The macroscopic sources of contrast in a relatively low numerical aperture confocal imaging system were computed using a Monte Carlo model, and found to originate primarily from mismatches in index of refraction. Comparison of the model with measurements of the background signals from scattering tissue phantoms illustrates the dependence of the confocal signal on the scattering phase function of the medium.

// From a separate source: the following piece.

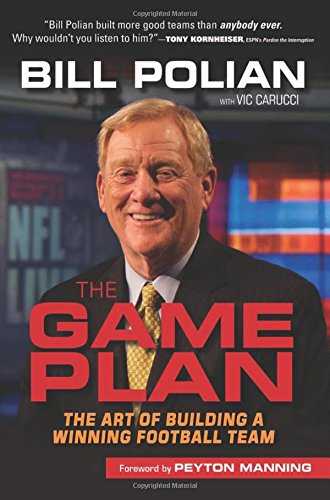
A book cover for The Game Plan: The Art of Building a Winning Football Team; Bill Polian; Biographies & Memoirs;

The FDTD method was used to study the scattering properties of inhomogeneous cells. The scattering properties of cells were found to be highly dependent on cell morphology, particularly small organelles and inhomogeneities within the nucleus. The phase function for most cells cannot be adequately described by a single parameter, such as g in the Henyey Greenstein approximation. However, a three-term summation of exponentials provides an accurate fit to the cell scattering pattern.
Measurements of the scattering properties of cell suspensions compared favorably with the FDTD predictions. Both the measurements and the FDTD model were used to present a possible explanation for the acetowhitening effect used in colposcopy.
The effects of an inhomogeneous cell on the propagation of a focused Gaussian beam were examined using the FDTD model, and used as a possible explanation for the loss of lateral resolution in confocal imaging. Comparison of the beam spreading due to tissue phantoms and cells indicates that polystyrene based tissue phantoms may not be accurate models for tissue in high resolution imaging applications.